== Dataset records
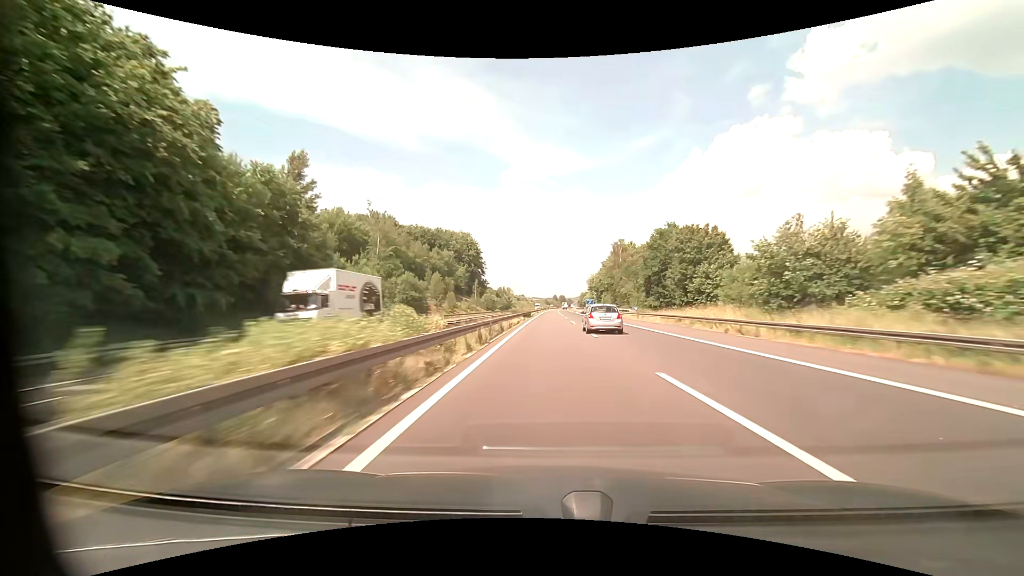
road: motorway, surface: asphalt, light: Day
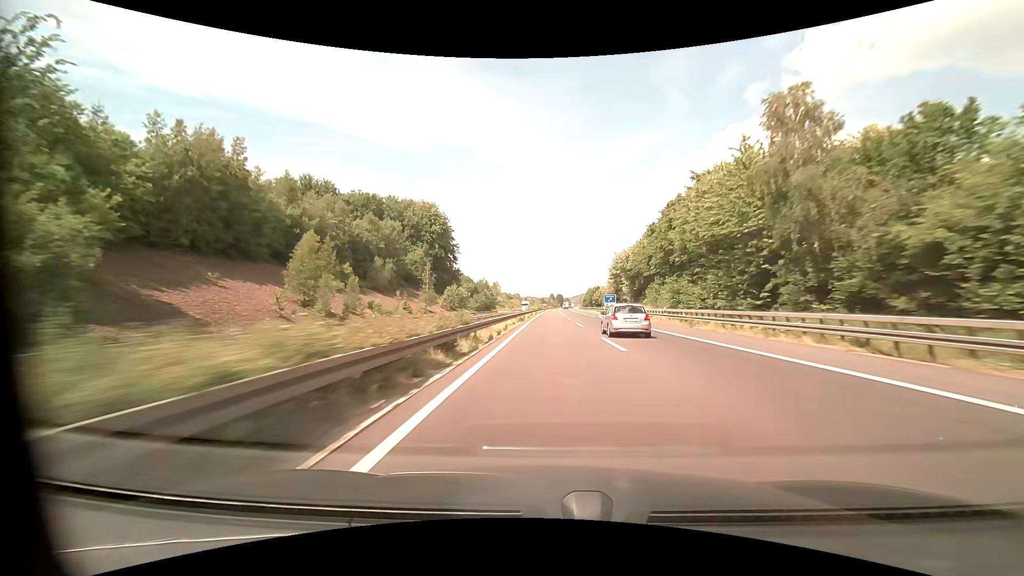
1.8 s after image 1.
(+0.2, +61.9) m; 0°
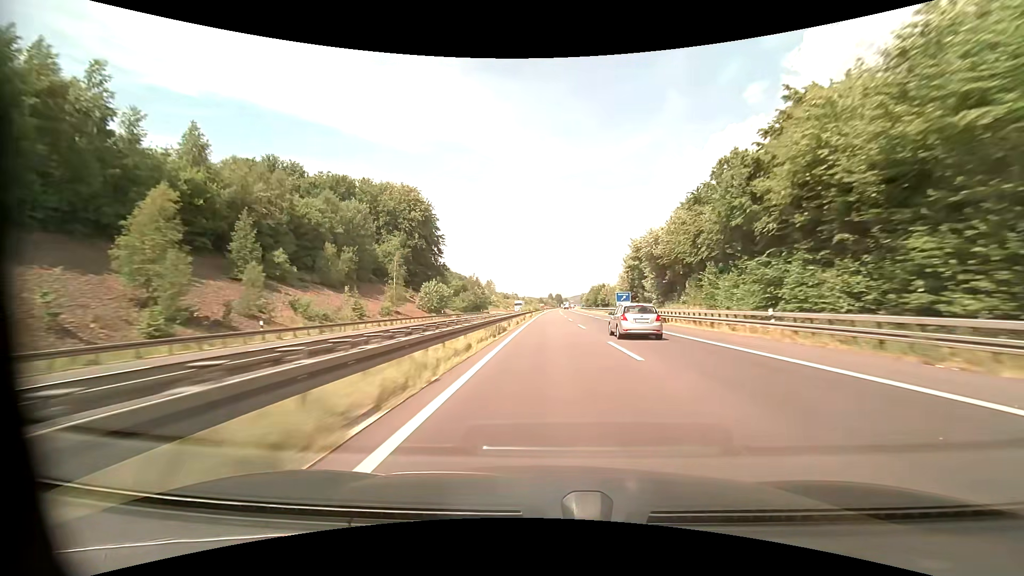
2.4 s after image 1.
(0.0, +20.7) m; 0°
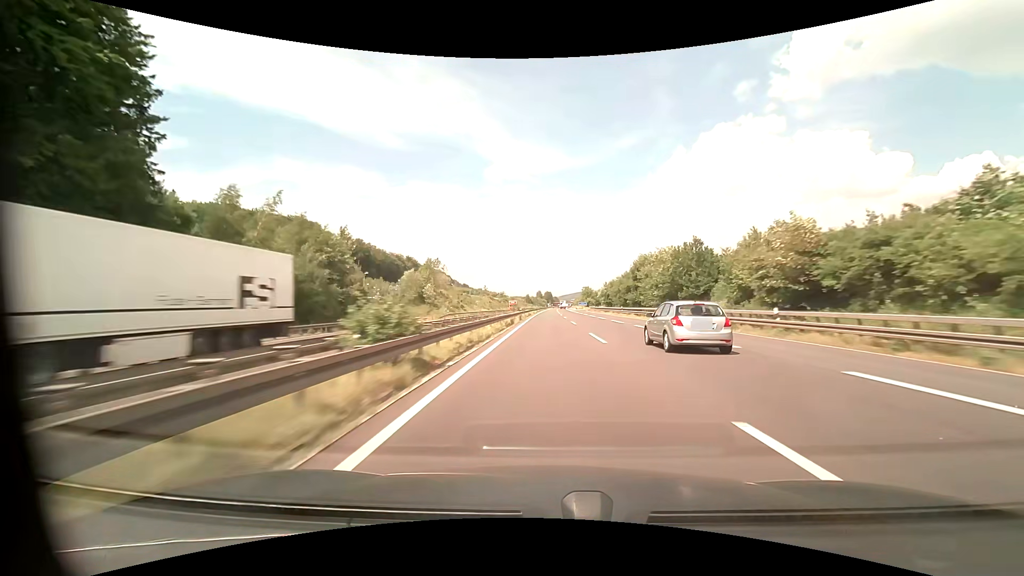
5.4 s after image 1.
(+0.8, +104.1) m; +1°
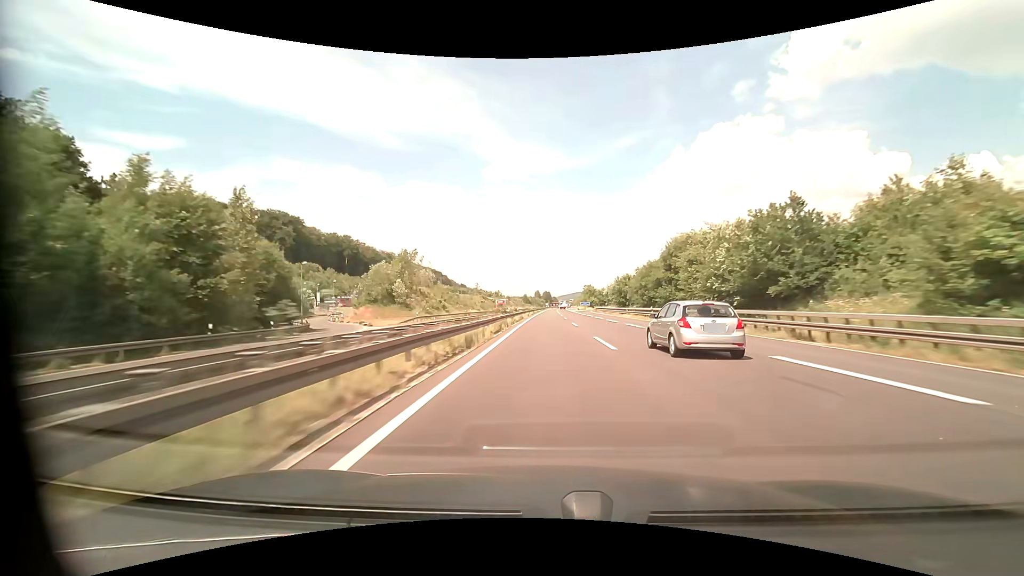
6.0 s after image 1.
(0.0, +20.9) m; 0°
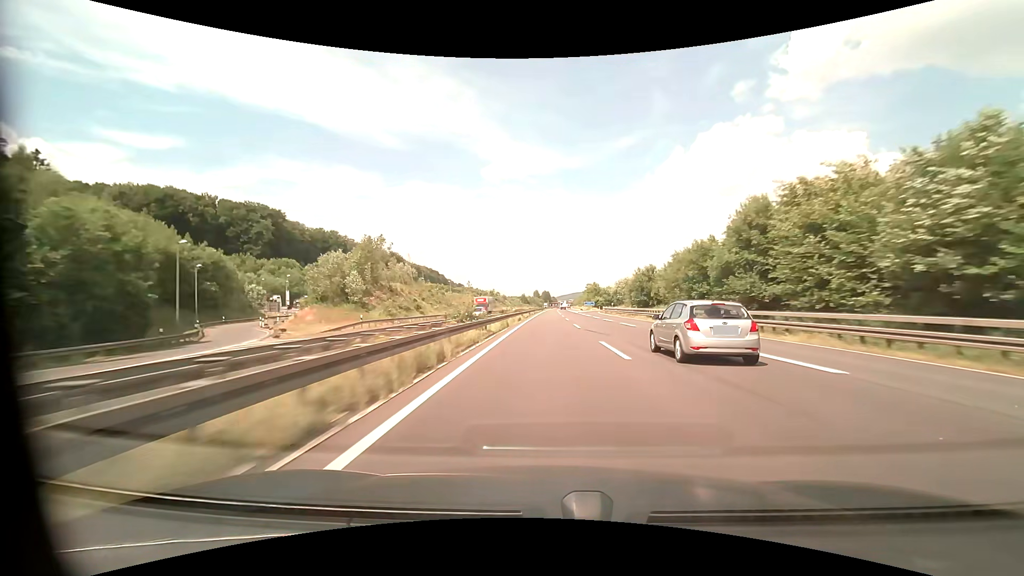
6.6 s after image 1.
(0.0, +20.9) m; 0°
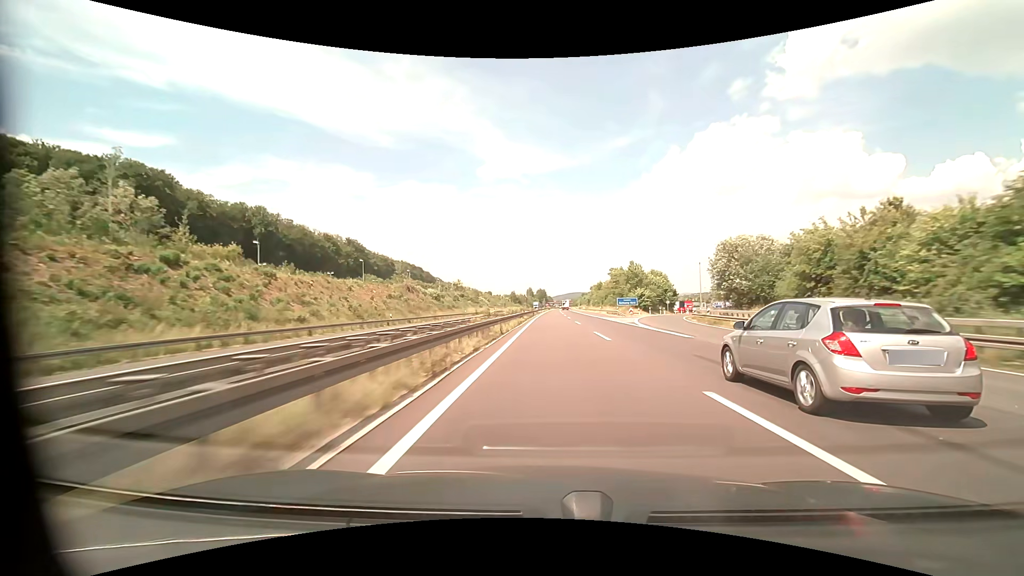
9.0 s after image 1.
(+0.1, +83.7) m; 0°
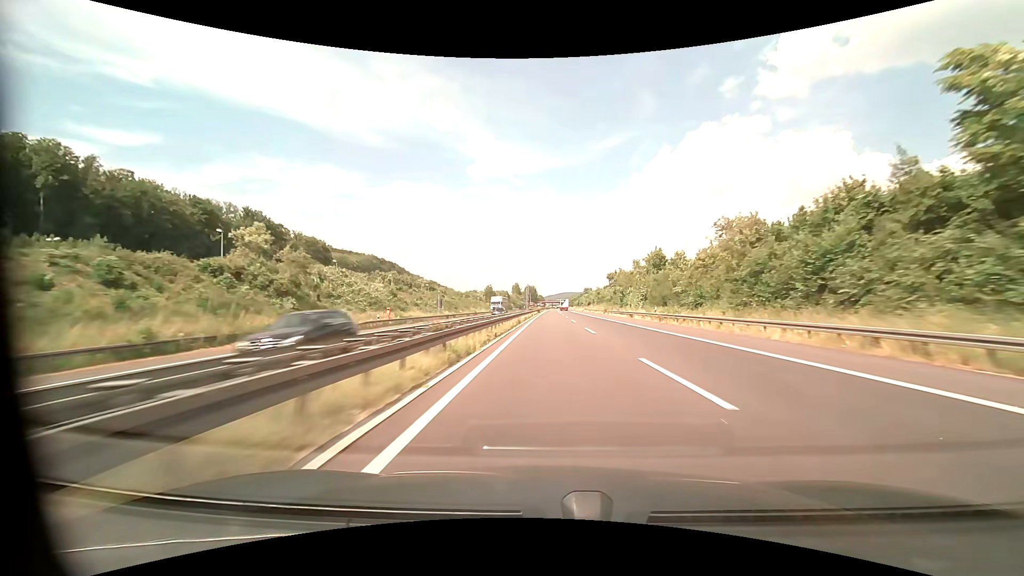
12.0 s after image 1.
(+1.4, +104.5) m; +1°
(0, +10) (0, +20) (0, +30) (0, +40) (0, +50) (0, +60) (0, +70) (0, +80) (0, +90) (+1, +100) m
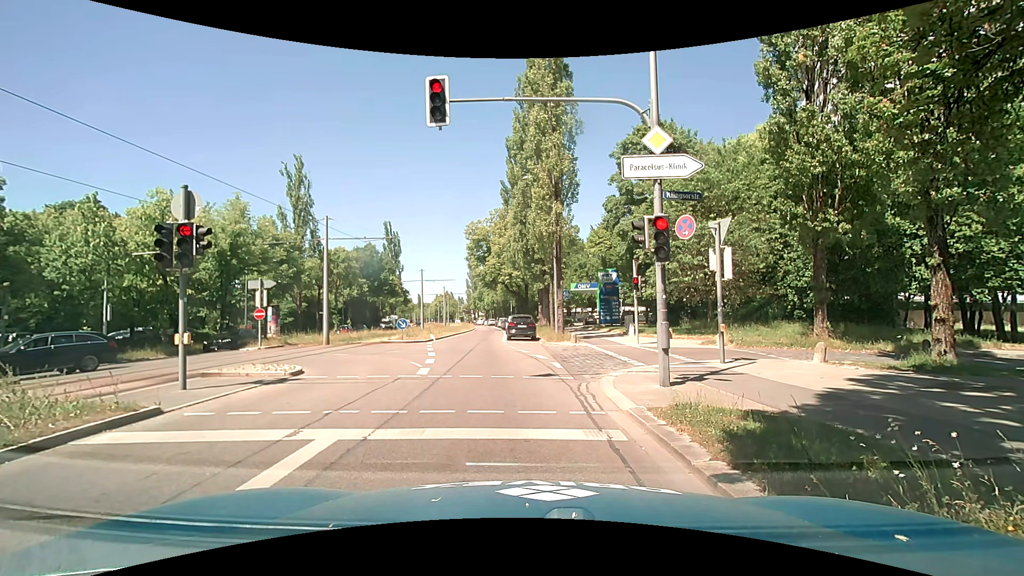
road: secondary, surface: asphalt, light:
====
**The problem**
Please transcribe all of the entries word for word, with the pictures left out.

**Response**
road: motorway, surface: asphalt, light: Day
1.8 s after image 1.
(+0.2, +61.9) m; 0°
2.4 s after image 1.
(0.0, +20.7) m; 0°
5.4 s after image 1.
(+0.8, +104.1) m; +1°
6.0 s after image 1.
(0.0, +20.9) m; 0°
6.6 s after image 1.
(0.0, +20.9) m; 0°
9.0 s after image 1.
(+0.1, +83.7) m; 0°
12.0 s after image 1.
(+1.4, +104.5) m; +1°
(0, +10) (0, +20) (0, +30) (0, +40) (0, +50) (0, +60) (0, +70) (0, +80) (0, +90) (+1, +100) m
road: secondary, surface: asphalt, light:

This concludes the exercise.